=== Extracted data ===
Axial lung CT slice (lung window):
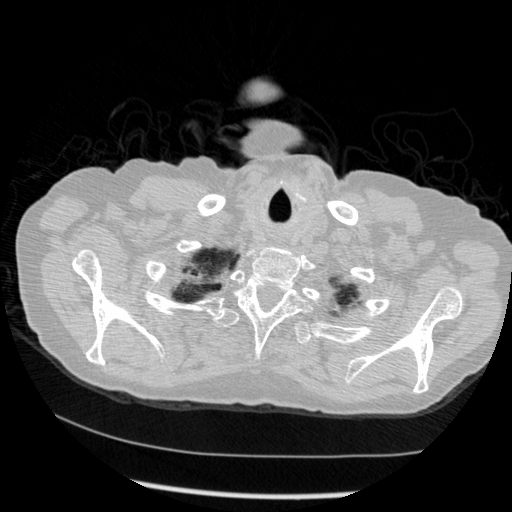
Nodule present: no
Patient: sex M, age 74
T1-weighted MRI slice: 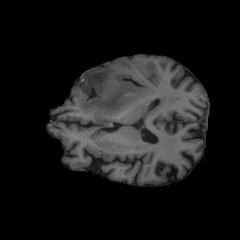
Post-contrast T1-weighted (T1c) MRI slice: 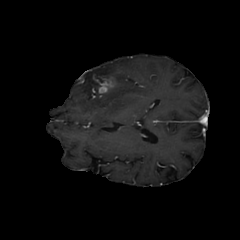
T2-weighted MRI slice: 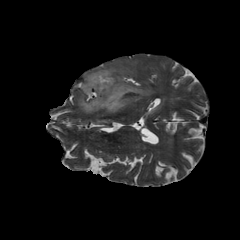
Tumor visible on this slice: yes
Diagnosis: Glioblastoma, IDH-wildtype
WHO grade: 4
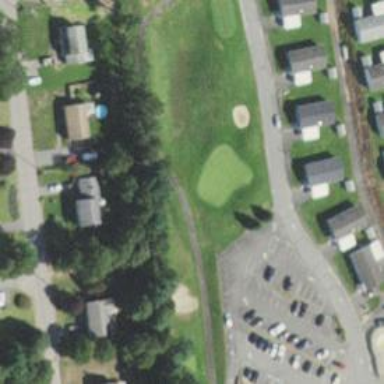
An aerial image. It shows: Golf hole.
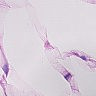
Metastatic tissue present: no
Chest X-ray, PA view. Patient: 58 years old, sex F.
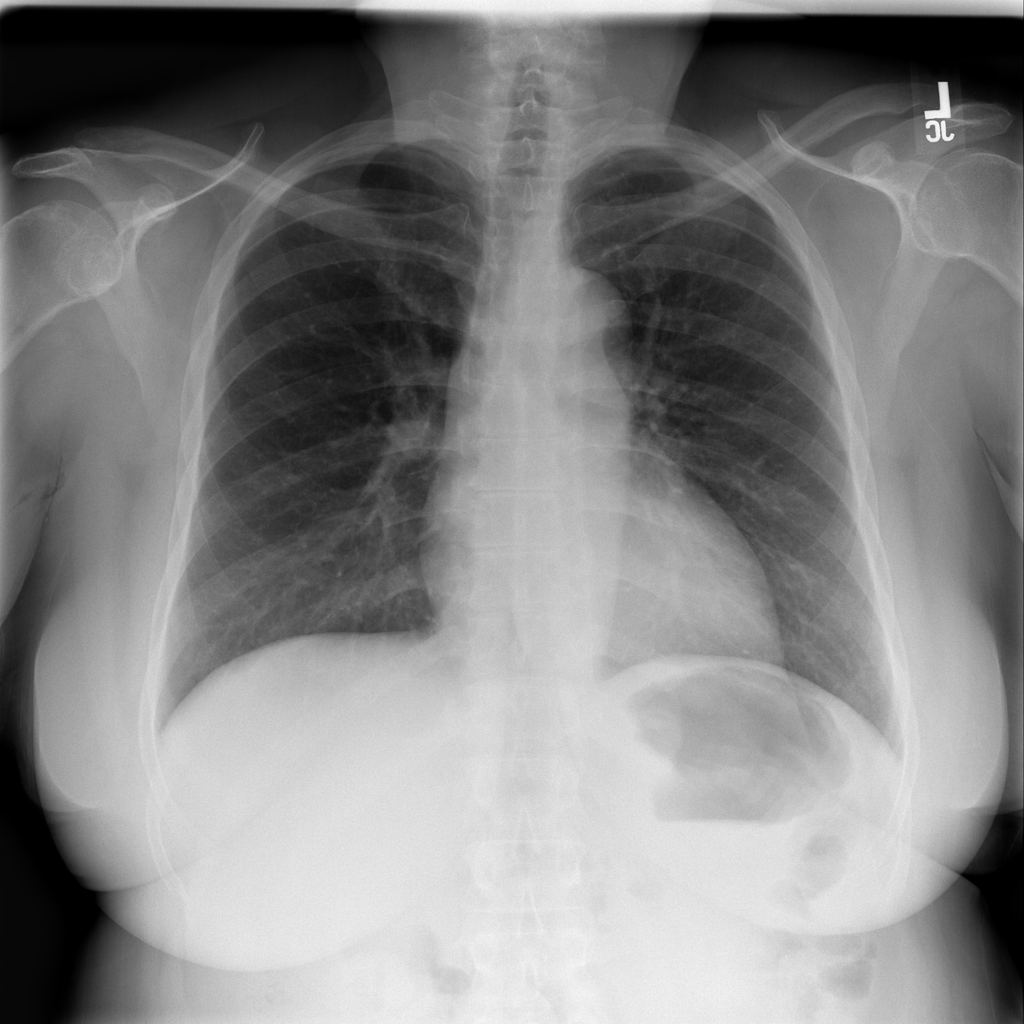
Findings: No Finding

...

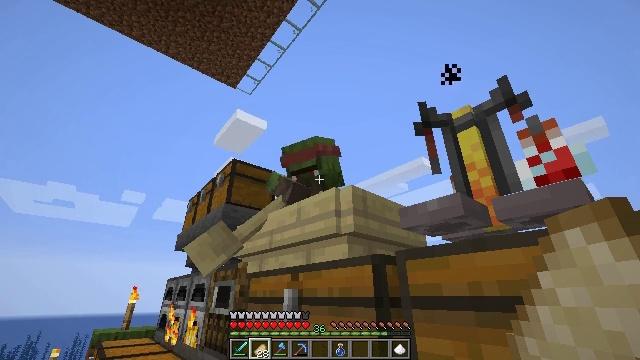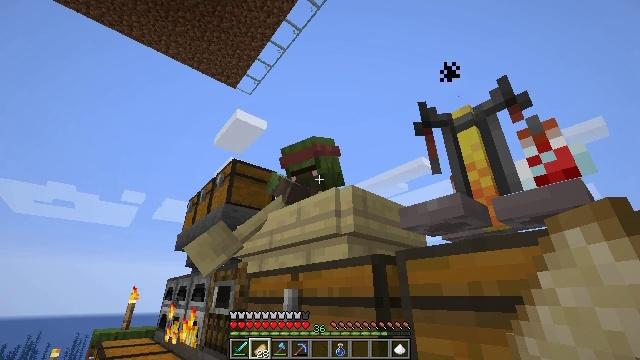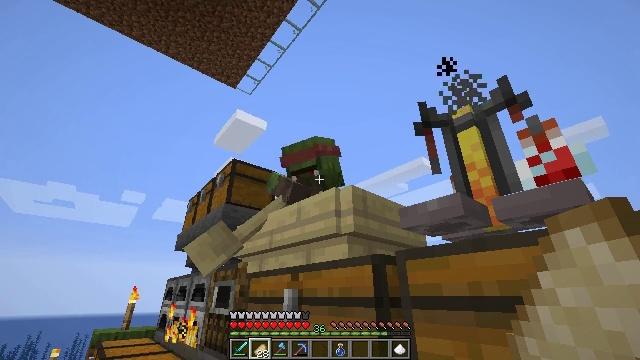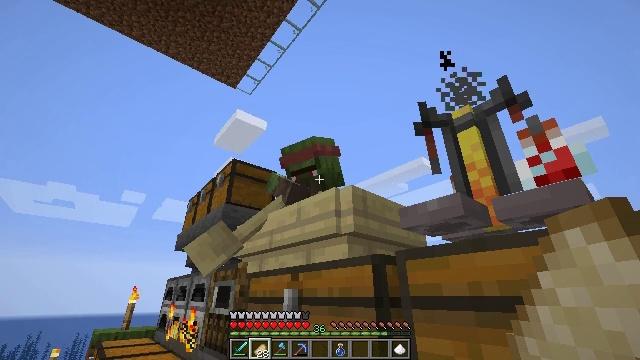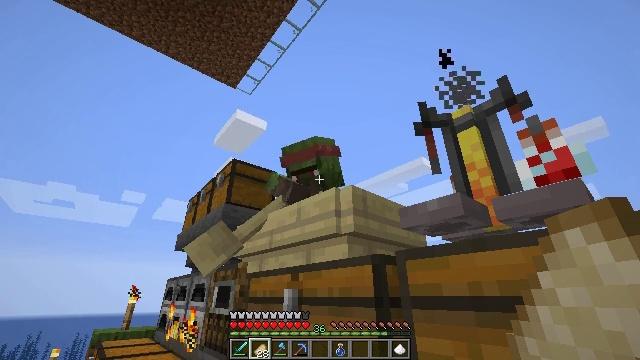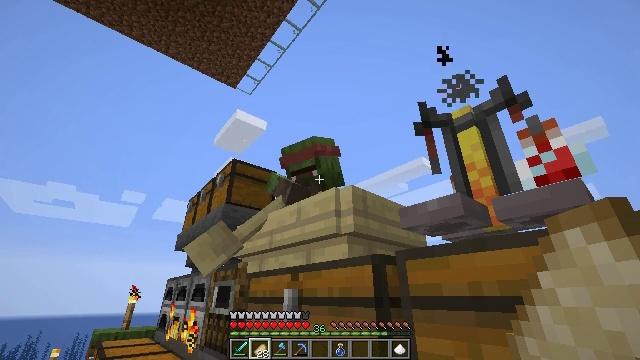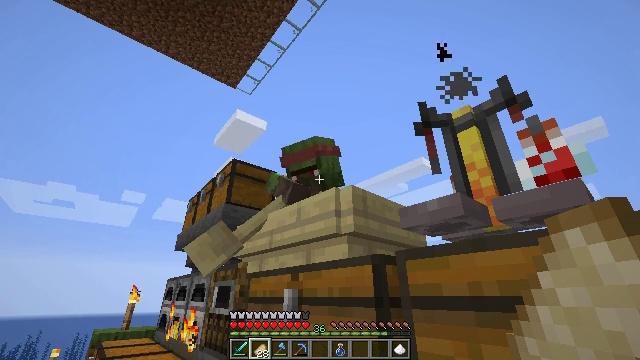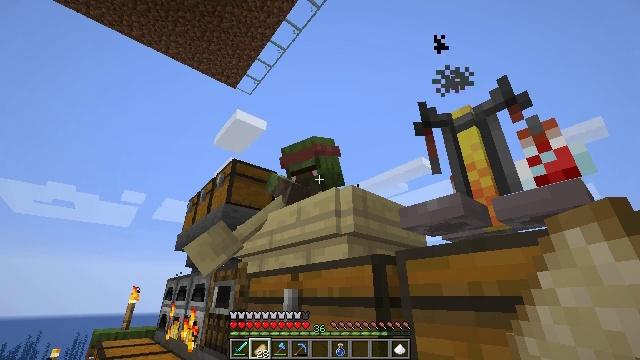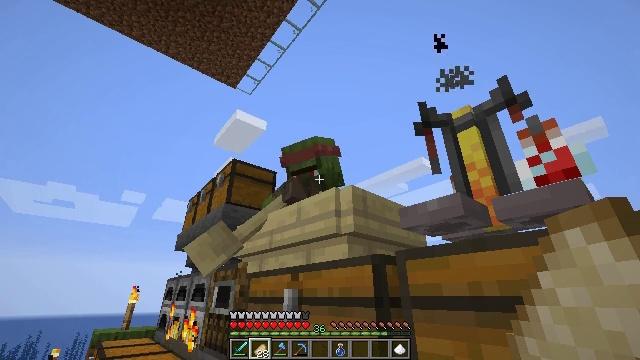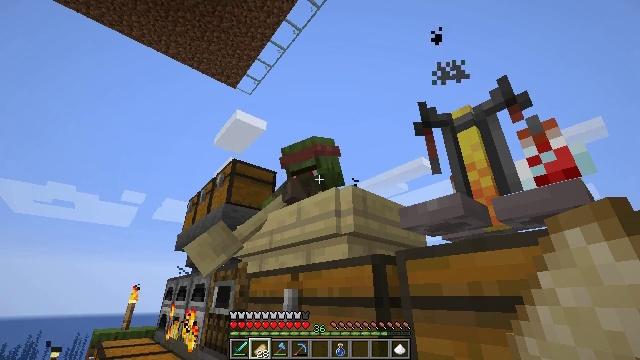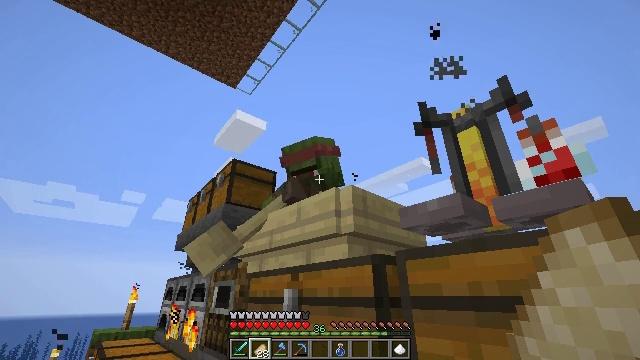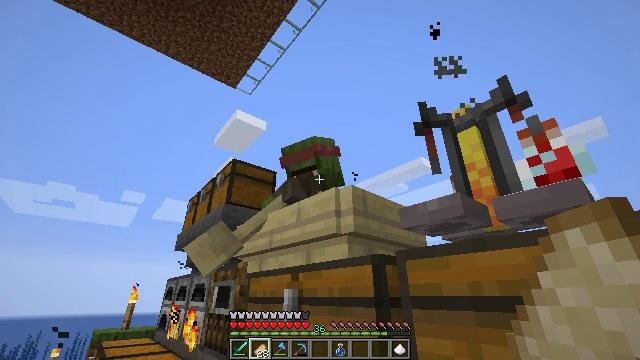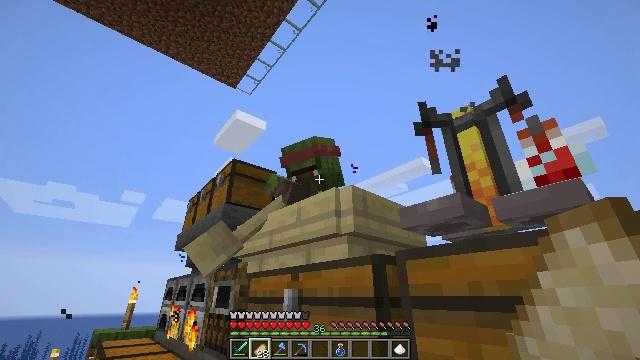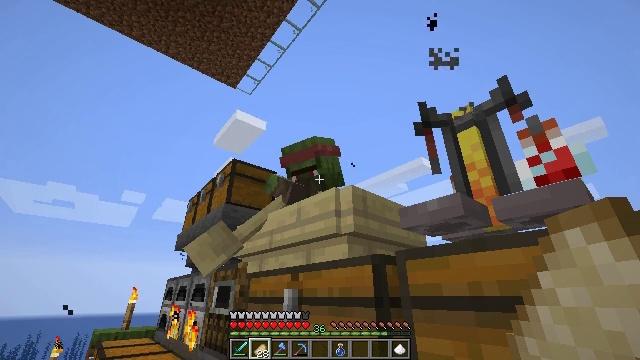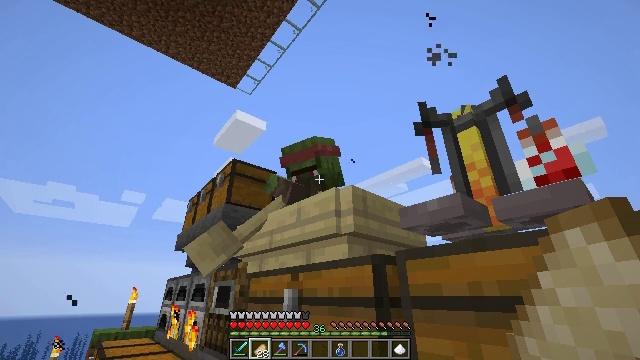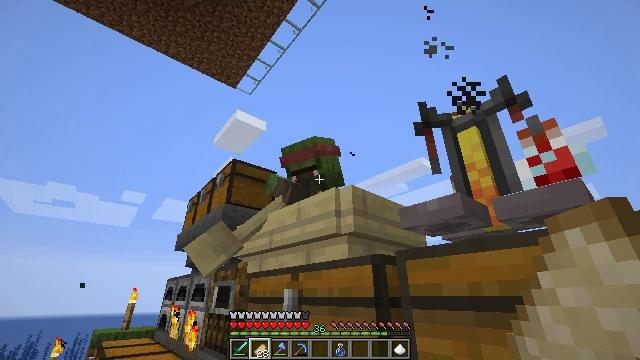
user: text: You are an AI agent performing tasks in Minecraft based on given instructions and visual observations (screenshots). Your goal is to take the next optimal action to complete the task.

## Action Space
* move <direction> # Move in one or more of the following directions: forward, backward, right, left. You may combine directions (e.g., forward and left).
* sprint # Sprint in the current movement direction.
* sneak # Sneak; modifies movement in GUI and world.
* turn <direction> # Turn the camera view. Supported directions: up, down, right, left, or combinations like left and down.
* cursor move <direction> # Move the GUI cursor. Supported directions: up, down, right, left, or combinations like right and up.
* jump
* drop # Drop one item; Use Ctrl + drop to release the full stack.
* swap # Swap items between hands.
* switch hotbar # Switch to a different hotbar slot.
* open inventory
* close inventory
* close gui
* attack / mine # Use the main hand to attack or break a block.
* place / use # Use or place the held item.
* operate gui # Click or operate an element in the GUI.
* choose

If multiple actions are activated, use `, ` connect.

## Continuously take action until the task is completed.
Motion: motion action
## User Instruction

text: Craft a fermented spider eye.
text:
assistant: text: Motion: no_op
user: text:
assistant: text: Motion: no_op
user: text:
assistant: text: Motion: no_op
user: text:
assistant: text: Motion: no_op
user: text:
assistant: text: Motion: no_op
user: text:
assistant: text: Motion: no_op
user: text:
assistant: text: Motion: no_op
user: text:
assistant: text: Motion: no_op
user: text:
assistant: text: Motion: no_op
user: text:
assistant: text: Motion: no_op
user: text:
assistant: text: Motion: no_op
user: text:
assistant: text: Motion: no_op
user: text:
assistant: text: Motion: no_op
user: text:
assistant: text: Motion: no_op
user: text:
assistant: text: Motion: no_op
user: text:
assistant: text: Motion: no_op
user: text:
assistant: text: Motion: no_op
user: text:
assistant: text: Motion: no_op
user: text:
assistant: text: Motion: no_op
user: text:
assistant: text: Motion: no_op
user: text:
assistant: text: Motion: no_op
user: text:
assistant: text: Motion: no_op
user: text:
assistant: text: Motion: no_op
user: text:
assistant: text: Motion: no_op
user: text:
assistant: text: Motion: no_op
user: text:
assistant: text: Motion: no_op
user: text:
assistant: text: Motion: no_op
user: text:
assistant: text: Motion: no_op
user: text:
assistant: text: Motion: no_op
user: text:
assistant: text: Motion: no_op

=== Work required ===
Your task is to copy only the lines above starting at the one containing "WHO grade: 4" and ending at the one containing "Findings: No Finding". Copy them exactly, both ends included, and omit the pictures.

=== Task output ===
WHO grade: 4
An aerial image. It shows: Golf hole.
Metastatic tissue present: no
Chest X-ray, PA view. Patient: 58 years old, sex F.
Findings: No Finding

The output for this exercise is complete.